▶ **Entries supplied**
# # # # #

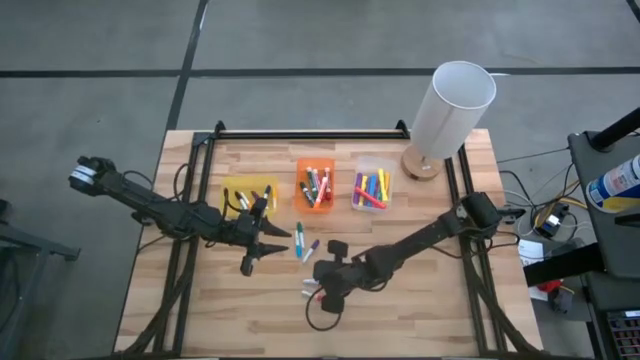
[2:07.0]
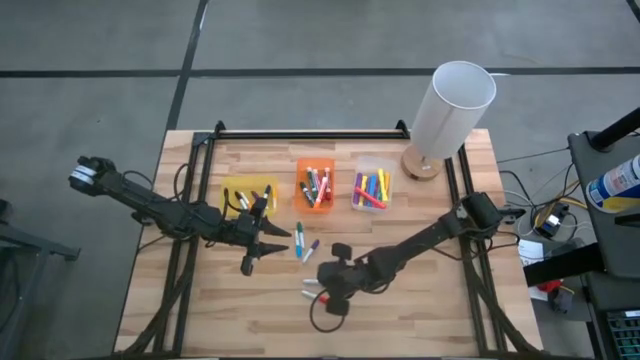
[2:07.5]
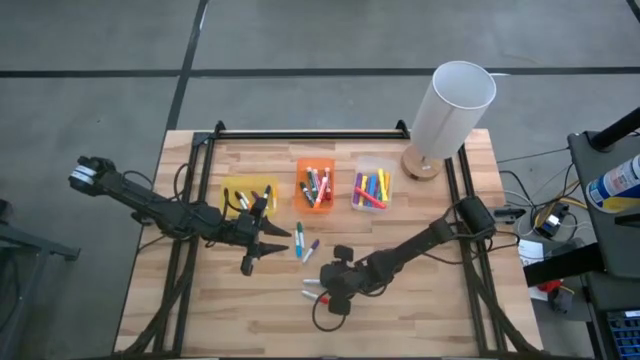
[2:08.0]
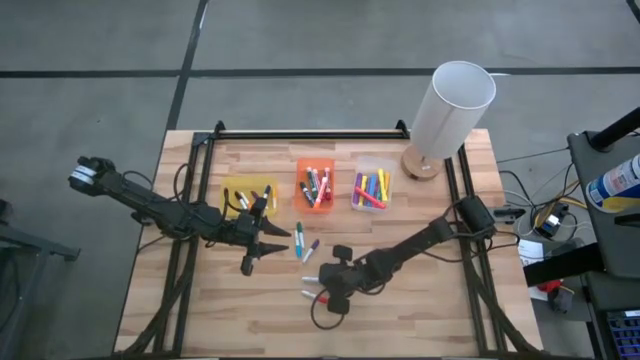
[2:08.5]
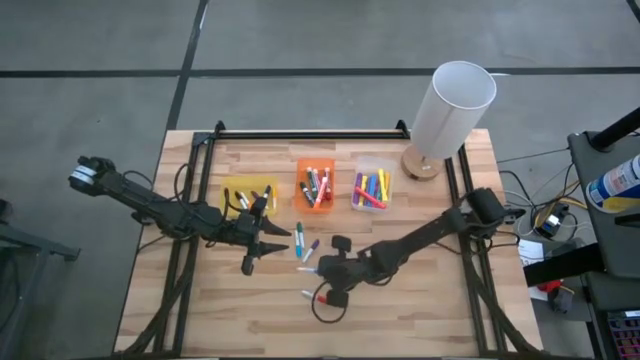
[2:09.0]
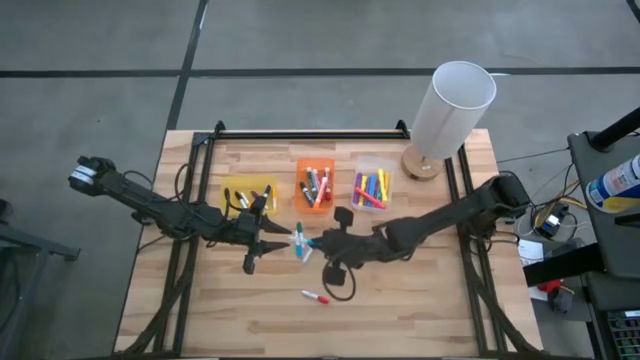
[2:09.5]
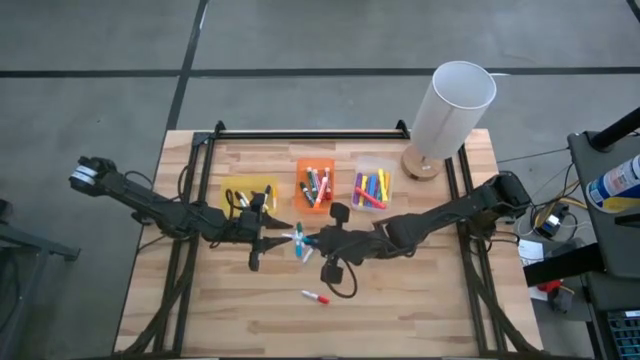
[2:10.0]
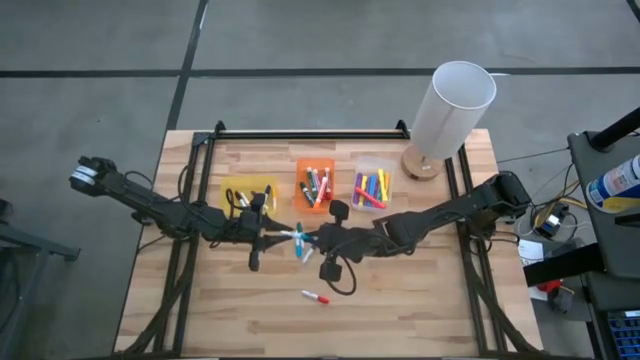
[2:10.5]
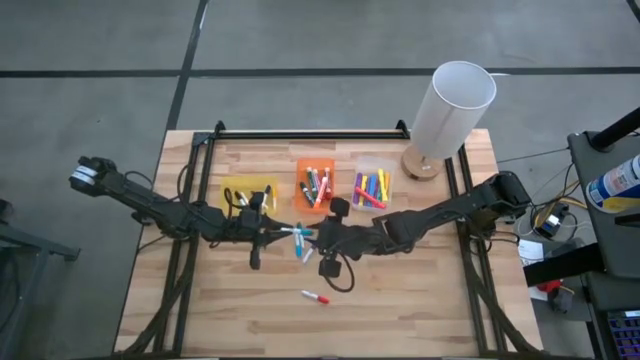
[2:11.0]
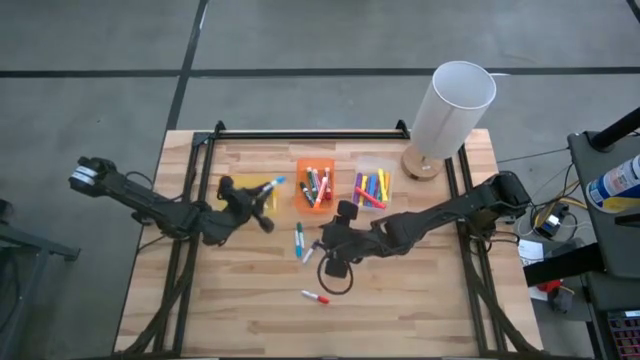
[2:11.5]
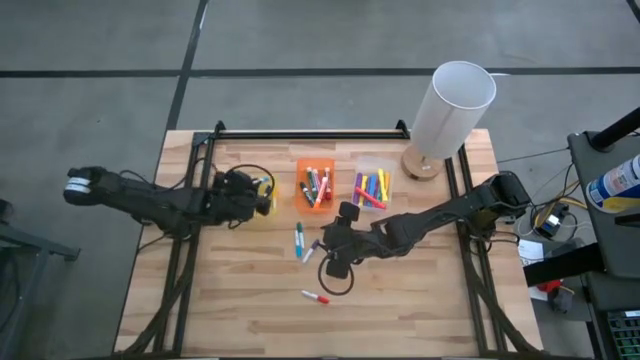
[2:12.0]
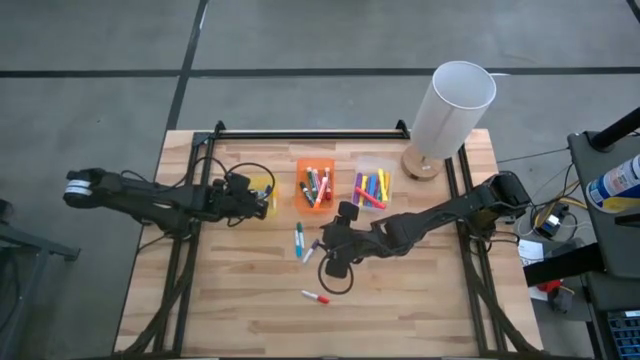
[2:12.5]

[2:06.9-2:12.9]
Task: Pick & Place Markers
Put the small light blue marker into the yellow bin

# # # # #

▶ **Exercise brief**
The preceding listing must be repeated exactly, with all images dropped.

▶ **Response area**
[2:07.0]
[2:07.5]
[2:08.0]
[2:08.5]
[2:09.0]
[2:09.5]
[2:10.0]
[2:10.5]
[2:11.0]
[2:11.5]
[2:12.0]
[2:12.5]

[2:06.9-2:12.9]
Task: Pick & Place Markers
Put the small light blue marker into the yellow bin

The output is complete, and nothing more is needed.